For this implementation we get

  • Aperiodicity because the probability of sampling the initial state from any numerical trajectory is non-zero by construction.
  • \phi-irreducibility requires much more than the momenta distribution being supported over all of \mathbb{R}^{N}. In particular we need the momenta to be able to average out over the gaps in the discrete leapfrog integrator. Because the probability of sampling a trajectory of length L = 1 is non-zero for our implementation we co-op results from Langevin Monte Carlo, https://projecteuclid.org/euclid.bj/1178291835, or we can just use the result from Durmus et al. See Section 5.1 of https://arxiv.org/abs/1601.08057 of more discussion.
  • Stationarity is proved in the appendix of https://arxiv.org/abs/1701.02434, first for chains with static integration times then for appropriate dynamic methods.
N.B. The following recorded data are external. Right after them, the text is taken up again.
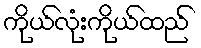
ကိုယ်လုံးကိုယ်ထည်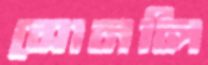
সোনলি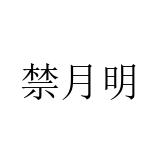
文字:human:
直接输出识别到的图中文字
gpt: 禁月明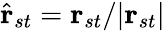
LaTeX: \hat{\mathbf{r}}_{st}=\mathbf{r}_{st}/|\mathbf{r}_{st}|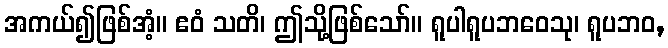
အကယ်၍ဖြစ်အံ့။ ဧဝံ သတိ၊ ဤသို့ဖြစ်သော်။ ရူပါရူပဘဝေသု၊ ရူပဘဝ,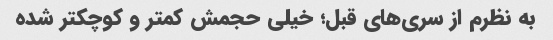
به نظرم‌ از سری‌های قبل؛ خیلی حجمش کمتر و کوچکتر شده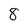
Character: 8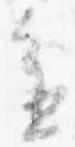
進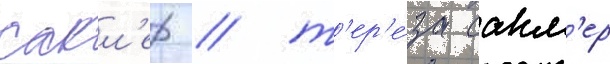
сакл'ер / т'ер'е́за сакл'ер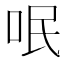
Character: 呡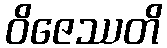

That said, these three conditions guarantee only asymptotic convergence which says nothing about how the chains will behave for finite times, which is what we really care about in practice. To get finite-time guarantees we need a central limit theorem which typically requires geometric ergodicity and minorization conditions. These are much harder to prove but we can identify obstructions which we can then turn into diagnostics as discussed in https://arxiv.org/abs/1601.08057. In particular, this is one way of motivating the divergences that we all know and love.

1 Like

Thanks for the quick answers and the provided material!

I have rewritten this post now with updated realisations.

I was under the impression that positive recurrence (combined with irreducibility and aperiodicity) is needed to ensure the asymptotical convergence to the target distribution, but as the paper on projecteuclid you provided shows, this is not the case.

Why is (positive) recurrence of any interest for MCMC then? Are there other situations where one of these properties is infeasible to prove and thus recurrence is needed?

Thanks for making me aware of the implementation-specific detail of these proofs, that was not in my mind.

The last time I frequented this forum was about two years ago. I am happy to see that it is still the helpful productive place I remembered it to be.

My understanding is that recurrence is a more natural consideration for discrete spaces, especially discrete spaces with a finite number of states. One of the challenges of going deeper into MCMC theory is that much of the introductory material is limited to finite state space perspectives, and the transition to continuous state spaces becomes a monstrous hurdle. MCMC on general state spaces is hard which is why I have focused so much on exposing diagnostics and consequences to users rather than any theory.

2 Likes

The Roberts and Rosenthal paper (and the Rosenthal book) are what enabled me to clear the hurdle (or at least knock it down and keep running!).

I found it all a lot easier when I realized a lot of the continuous results were based on an implicit discretization. That is, a continuous space is partitioned into a countable (or finite) number of sets of non-zero measure. Then you can define the transition probabilities among the elements of the partition. Then when everything’s working, that should be a well-behaved discrete chain. The continous results for recurrence, reducibility, etc., can be stated as universally quantifying over possible partitions.